My grandmother thought her birthday was April 24 her whole life until she looked at her birth certificate when she was in her 80s and it said April 23, so it apparently doesn’t matter too much on forms with a DOB field. Of course most of the forms in her life were filled out prior to computerization, but she did work on the Manhatten Project and it didn’t raise any red flags during that.

A couple of answers that are rather tangent but somewhat related. There is a French film by , Netflix: Ousmane Sembène *Mandabi * where this plays an important part in the plot. The man needs a birthday to get proof of birth to cash a check or some such.

I was in a village in Western Alaska where they were celebrating an old ladies birthday. The press asked the usual “To what do you attribute your long life”. The old lady answered in some native language and the crowd found it quite amusing. The translator told the press that she attributed her long life to eating only fat salmon and no alcohol. Later I ask my friend why the crowd thought that was amusing. My friend said what she had really said was that she attributed her long life to her group [tribe] not having a calendar. [She apparently gave this answer each year and the press never figured it out, or didn’t care.]

In her 70s, my mother needed her birth certificate to get a passport. She discovered that the certificate’s date of birth was two days later than the date she had always celebrated. The probable reason was that back when she was born, in 1913, the doctor would go around the neighborhood, delivering babies, then at some point turning in several days worth of data. So all the babies for that period were given the same date of birth. Apparently, this kind of thing was very common back when most babies were delivered at home.

And it’s very possible that the doctor may have been using a Hebrew calendar, which would complicate matters.

My brother was born in CAnada 90 some odd years ago. I do not know why mom was in Canada, but she thought the Dr. would fill out the birth certificate when it was her responsibality. At the out break of WWII my brother tried to inlist in the US Navy. He said that it really caused him a lot of problems to inlist. The Navy was not sure they could take him, the Army had the same problem and the Draft Board thought he was just trying to advoid the draft and wanted to arrest him. He had to get all his school records. letters from family members. Finaly the Navy agreedd that he looked the right age to inlist and he joined up.
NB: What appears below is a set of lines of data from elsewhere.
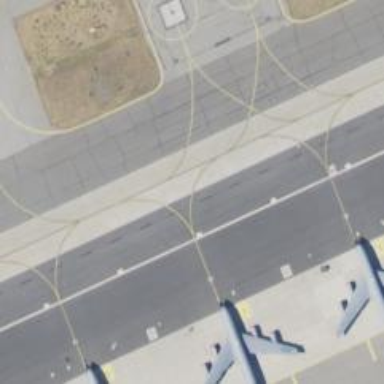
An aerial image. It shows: Image of taxiway at airport.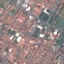
Land use / land cover class: Residential
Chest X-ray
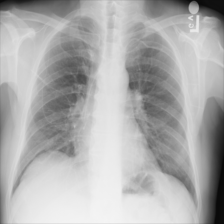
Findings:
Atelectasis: negative
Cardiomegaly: negative
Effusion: negative
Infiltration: negative
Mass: negative
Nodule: negative
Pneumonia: negative
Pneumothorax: negative
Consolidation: negative
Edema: negative
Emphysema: negative
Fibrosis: negative
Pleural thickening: negative
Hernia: negative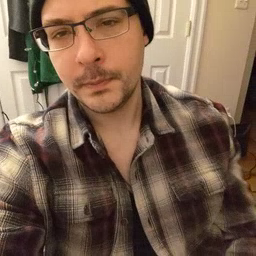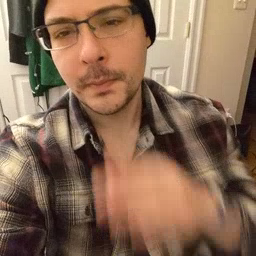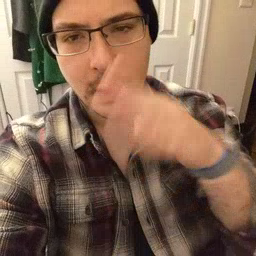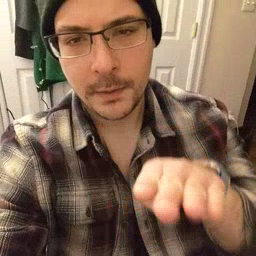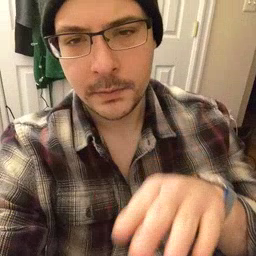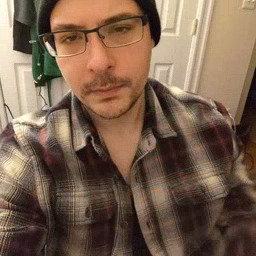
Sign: elephant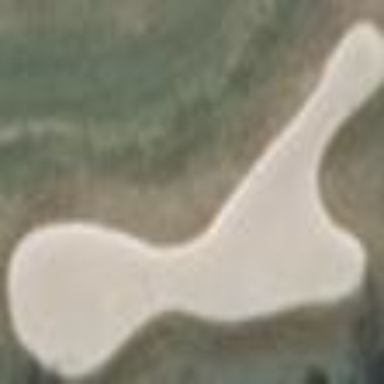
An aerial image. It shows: Sand bunker on golf course.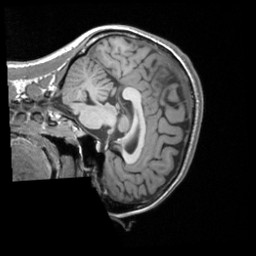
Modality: T1w
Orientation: sagittal
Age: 33
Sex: female
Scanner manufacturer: siemens
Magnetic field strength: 3 T
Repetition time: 1.9 s
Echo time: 0.00226 s

Anecdotal, but my WAG in the case of no birth certificate, they pick a date for immigration purposes and that’s the “official” birthdate for most purposes. In one place where I worked, your birthday was a paid holiday, but you had to take that holiday during the same pay period that it fell. My birthday is in the first week of January. A large number of our SE Asian immigrants of a certain age and most of our NE African immigrants as a whole used January 1 as their official date. Made it rather difficult for scheduling purposes.

My grandparents were all born in Eastern Europe or Russia and had no birth certificates and didn’t really know within a year when they were born. Didn’t seem to matter though. They never got passports and things were much looser in those days. They just picked a birth date (or were given it at immigration) and stuck to it.

IIRC we don’t know J.S. Bach’s or Beethoven’s birthdays for sure, but we know from German parish records when they were baptized, and those dates are used by historians and music lovers to mark the date.

My mother went for a drivers license and they asked for birth certificate. She had a lot of trouble getting it and found she spent her life celebrating the wrong date. She was actually a month and 2 days younger than she thought. Record keeping in 1923 was not so good.
She also found out her official name was Roslyn nor Rosalie like she went by all her life.